#### Problem to solve
Write out the entries below exactly as they stand. Skip every image.

#### Extracted data entries
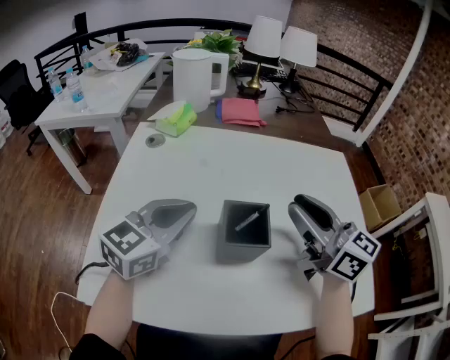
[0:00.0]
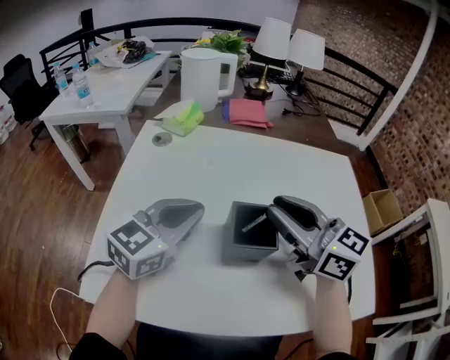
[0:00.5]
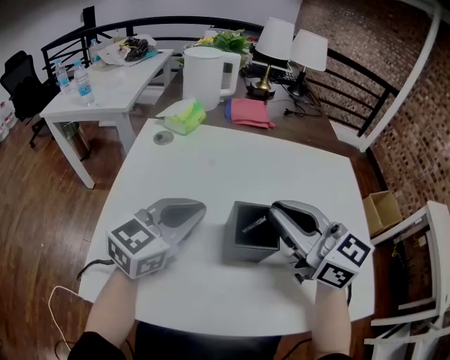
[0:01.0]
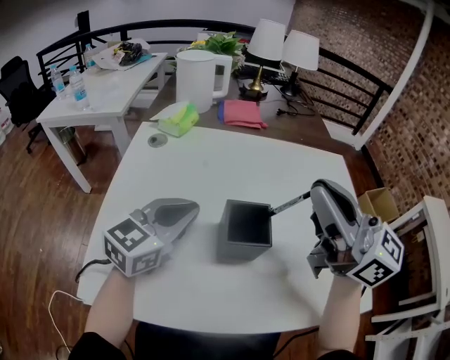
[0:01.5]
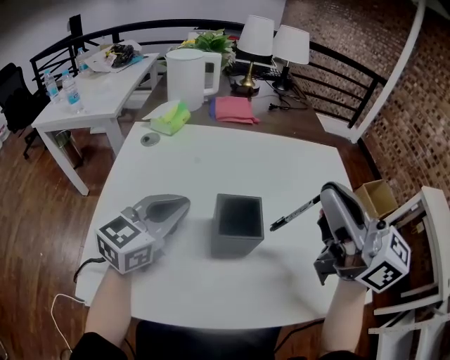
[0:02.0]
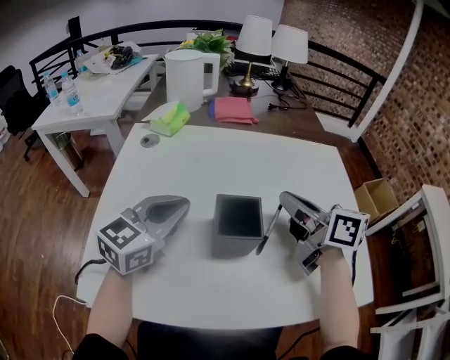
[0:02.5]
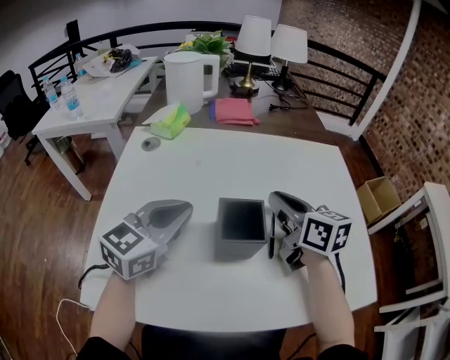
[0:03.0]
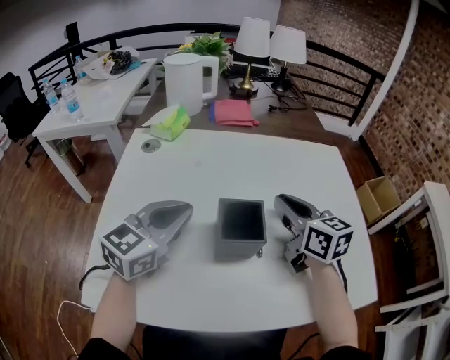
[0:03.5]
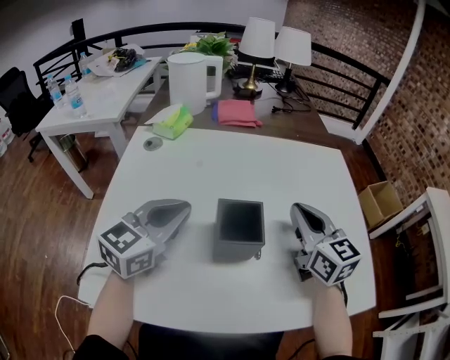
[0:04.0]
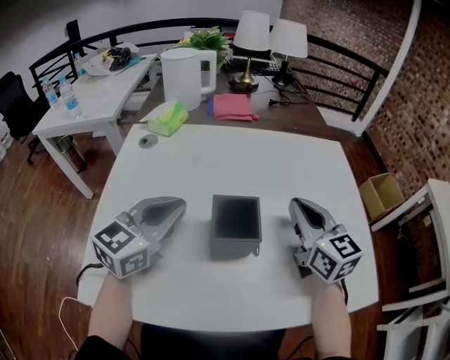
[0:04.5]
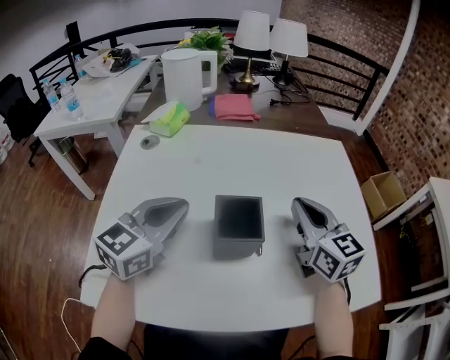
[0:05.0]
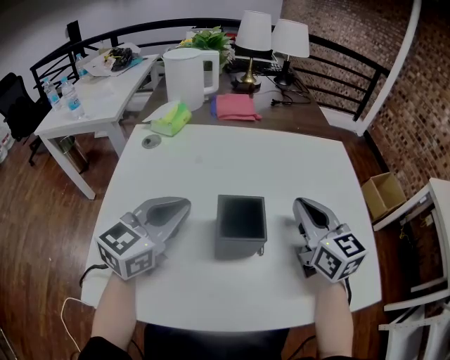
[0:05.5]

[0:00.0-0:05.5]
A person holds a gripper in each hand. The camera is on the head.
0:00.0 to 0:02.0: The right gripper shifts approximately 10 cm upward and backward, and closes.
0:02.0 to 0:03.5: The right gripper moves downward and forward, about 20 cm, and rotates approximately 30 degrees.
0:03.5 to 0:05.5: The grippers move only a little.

#### Result of the exercise
[0:00.0]
[0:00.5]
[0:01.0]
[0:01.5]
[0:02.0]
[0:02.5]
[0:03.0]
[0:03.5]
[0:04.0]
[0:04.5]
[0:05.0]
[0:05.5]

[0:00.0-0:05.5]
A person holds a gripper in each hand. The camera is on the head.
0:00.0 to 0:02.0: The right gripper shifts approximately 10 cm upward and backward, and closes.
0:02.0 to 0:03.5: The right gripper moves downward and forward, about 20 cm, and rotates approximately 30 degrees.
0:03.5 to 0:05.5: The grippers move only a little.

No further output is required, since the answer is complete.